Doubtless the gates on all the roads mentioned in this Act of 1804 were originally located with a view, among other things, to the then existing channels of travel over connecting public county roads, and since that time it may well have happened by closing old and opening new intersecting roads, that these turnpikes could for long distances have been extensively used by those who would have been subjected to no tolls whatever if the location of the gates had not been- changed. Without this power of removal the companies would have been, and would now be, subjected to the burden and expense of keeping their roads in repair for the benefit, in a great measure, of those who could use them free of charge, and to the great diminution of the tolls which it was the undoubted purpose of the grant to secure to them. We are clearly of opinion the law-makers never intended such a result, and in our judgment the language of the statute read in connection with the character and object of the grant authorizes the construction we have given it. But if the question were a doubtful one, then what has been conceded to have been the long established usage in this respect, not only of this *47but of all other turnpike companies in the State, a usage which has hitherto met with the uniform and entire acquiescence of the public, may well be invoked to solve the doubt in favor of the existence of the power.

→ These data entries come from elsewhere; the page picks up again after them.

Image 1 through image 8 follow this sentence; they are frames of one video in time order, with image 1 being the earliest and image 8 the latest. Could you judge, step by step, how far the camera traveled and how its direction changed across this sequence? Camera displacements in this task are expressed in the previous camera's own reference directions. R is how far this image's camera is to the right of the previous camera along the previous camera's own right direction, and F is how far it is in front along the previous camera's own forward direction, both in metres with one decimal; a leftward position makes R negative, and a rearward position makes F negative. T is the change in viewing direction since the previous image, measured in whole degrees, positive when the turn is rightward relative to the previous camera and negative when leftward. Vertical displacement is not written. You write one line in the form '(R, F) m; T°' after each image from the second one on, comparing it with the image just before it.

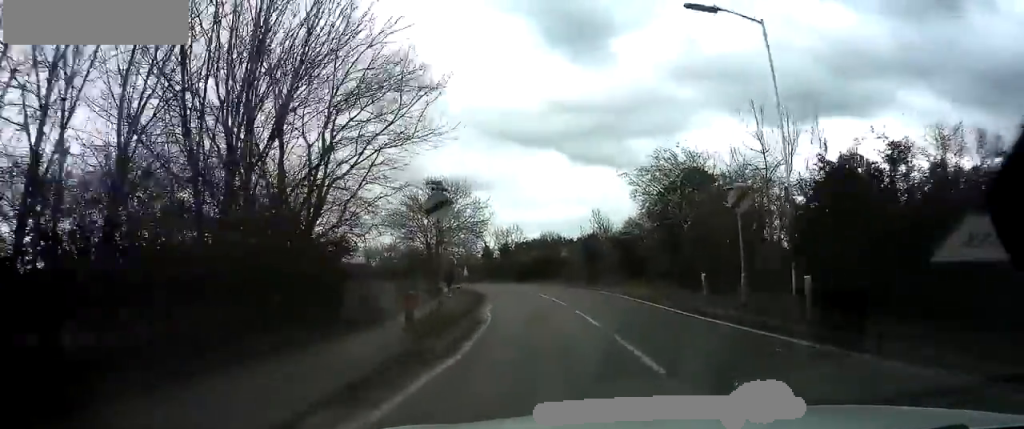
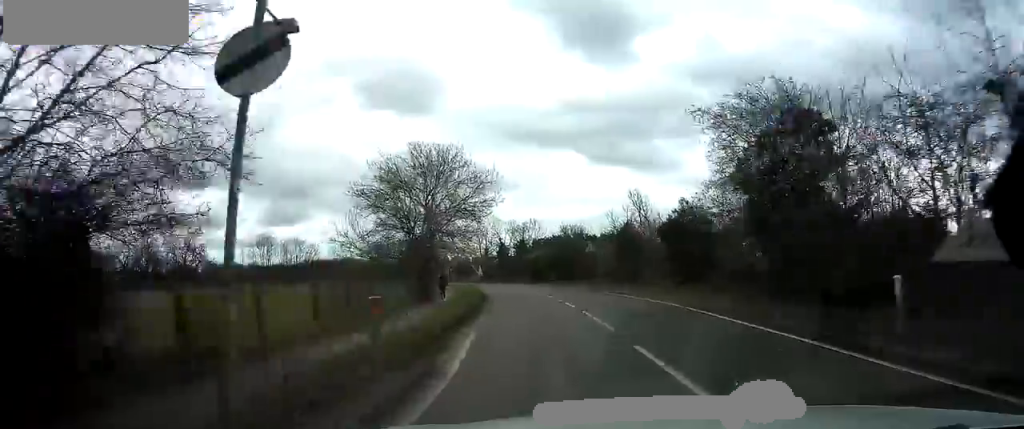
(-0.3, +9.2) m; -2°
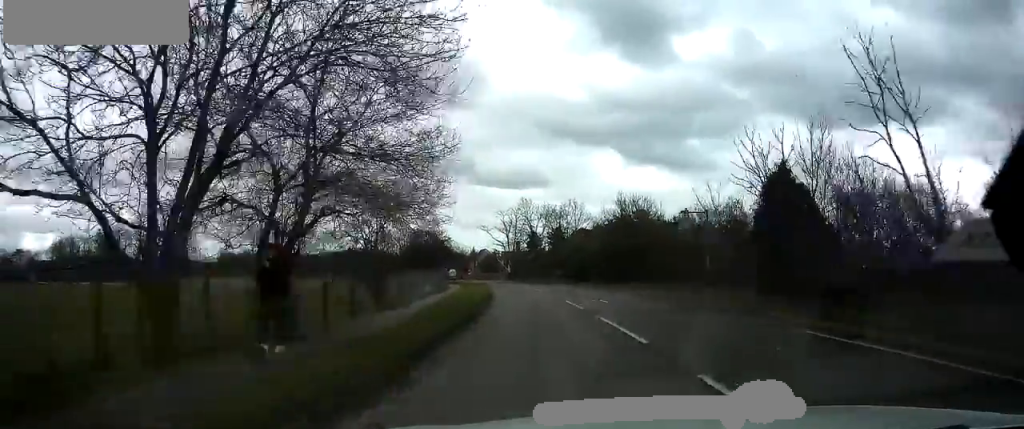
(-0.5, +20.5) m; -4°
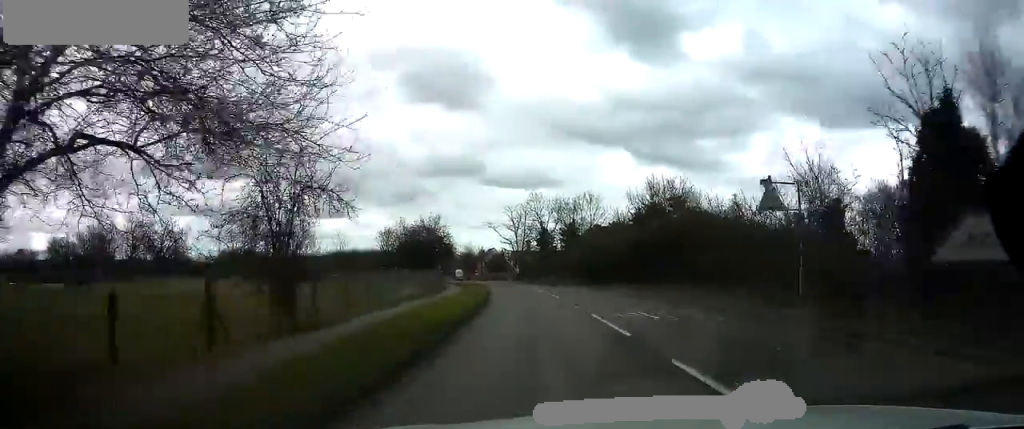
(0.0, +7.9) m; -1°
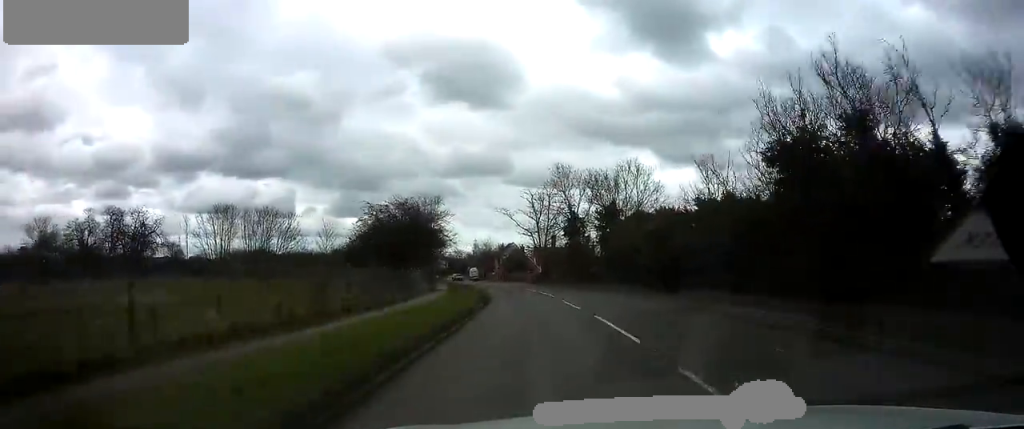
(-0.6, +18.3) m; -2°
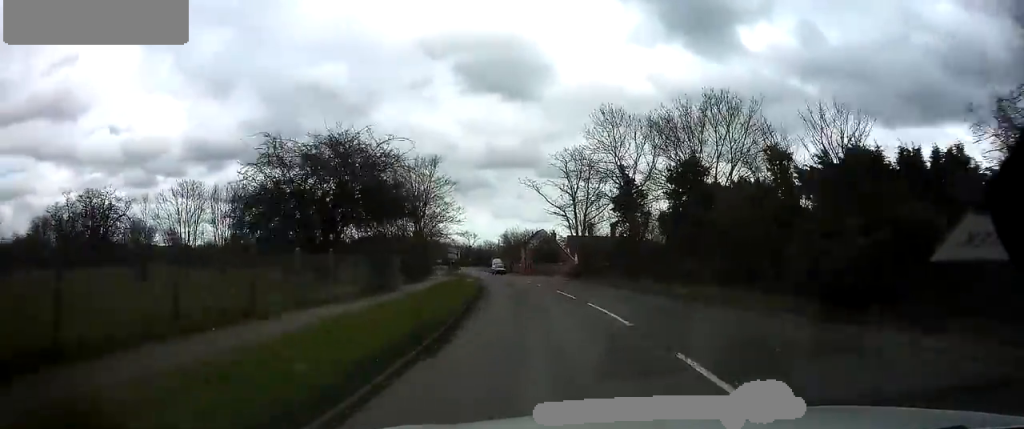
(-0.2, +18.3) m; -3°
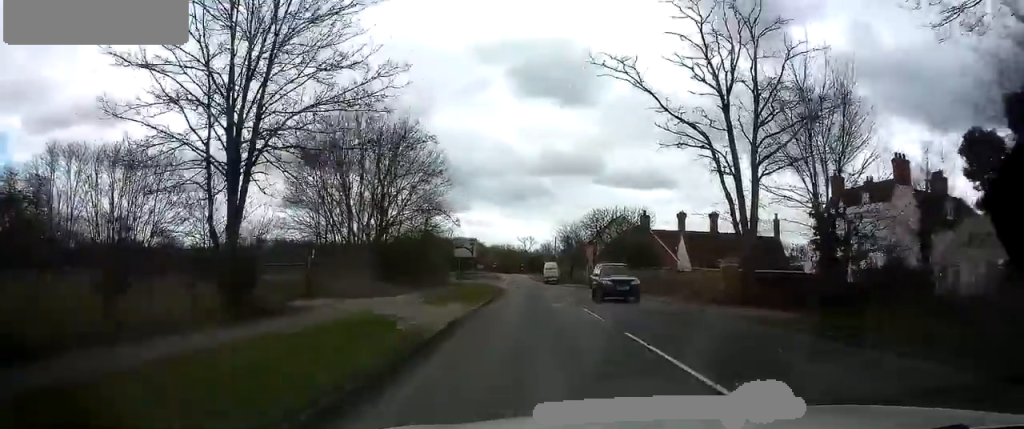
(-2.4, +33.9) m; -6°
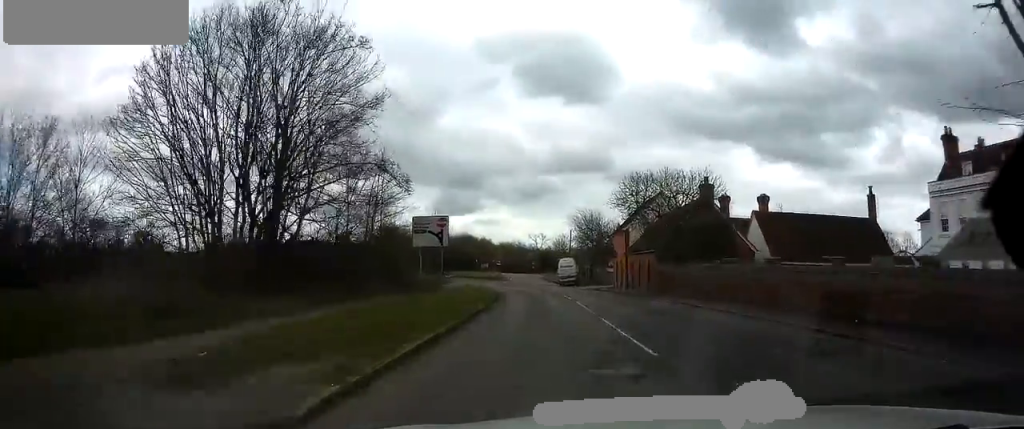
(-0.1, +15.5) m; -1°

But while we thus decide in favor of its existence we are not to be understood as holding that this power of increasing and removing gates is not liable to be and cannot be abused. On the contrary we have no doubt it may be abused, and for such abuse, when it shall occur, a remedy will undoubtedly be found; but we hold that such a removal as this record discloses is clearly a legitimate use of the power.

This construction of the charter dispenses with the expression of any opinion upon the question, whether, conceding the company had no right to remove this gate and to establish a new one, or the old one at a new site, such want of power, or unlawful act, can be set up as a defence to an action for tolls. It also disposes of the questions raised or intended to be raised by the third and fourth as well as the fifth exception. The first was abandoned and the second exception only remains to be considered.

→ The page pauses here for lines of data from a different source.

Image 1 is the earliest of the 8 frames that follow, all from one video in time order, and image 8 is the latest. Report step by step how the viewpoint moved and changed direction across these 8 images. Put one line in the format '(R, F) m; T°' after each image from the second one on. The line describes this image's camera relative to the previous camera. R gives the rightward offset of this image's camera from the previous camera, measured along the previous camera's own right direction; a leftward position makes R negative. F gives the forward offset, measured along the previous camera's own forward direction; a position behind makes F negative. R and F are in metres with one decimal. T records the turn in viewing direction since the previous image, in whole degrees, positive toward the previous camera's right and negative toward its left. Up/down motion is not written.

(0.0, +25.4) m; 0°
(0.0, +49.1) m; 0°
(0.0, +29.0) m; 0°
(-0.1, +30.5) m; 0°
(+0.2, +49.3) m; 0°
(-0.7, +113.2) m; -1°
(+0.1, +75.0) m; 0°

From this exception it appears the defendant, when on cross-examination as a witness, was asked what is the distance from Frederick to Middletown ? and to this question so far as it was asked, for the purpose of showing that the defendant was only chargeable for tolls for the distance on the turnpike actually travelled by him, the plaintiff objected, but the Court overruled the objection and admitted the evidence for the purpose indicated. In support of this ruling the appellee insists that by the true construction of the twentieth section of the charter in this regard, he is .only chargeable with tolls for the distance actually travelled, while the appellant contends that he must pay according to the distance between the gates, no matter how much of the road he has used. 'With respect to this controversy it is only necessary to say we think the appellant's *48view the correct one, and it seems to be well supported by authority. People vs. Kingston & Middletown Turnpike Co., 23 Wend., 194; Buncombe Turnpike Co. vs. Mills, 10 Iredell, 30; Stuart vs. Rich, 1 Caines, 182; Lincoln Avenue and Niles Centre Gravel Road Co. vs. Daum, 79 Ill., 299.

(Decided 13th December, 1883.)

Judgment reversed, and new trial awarded.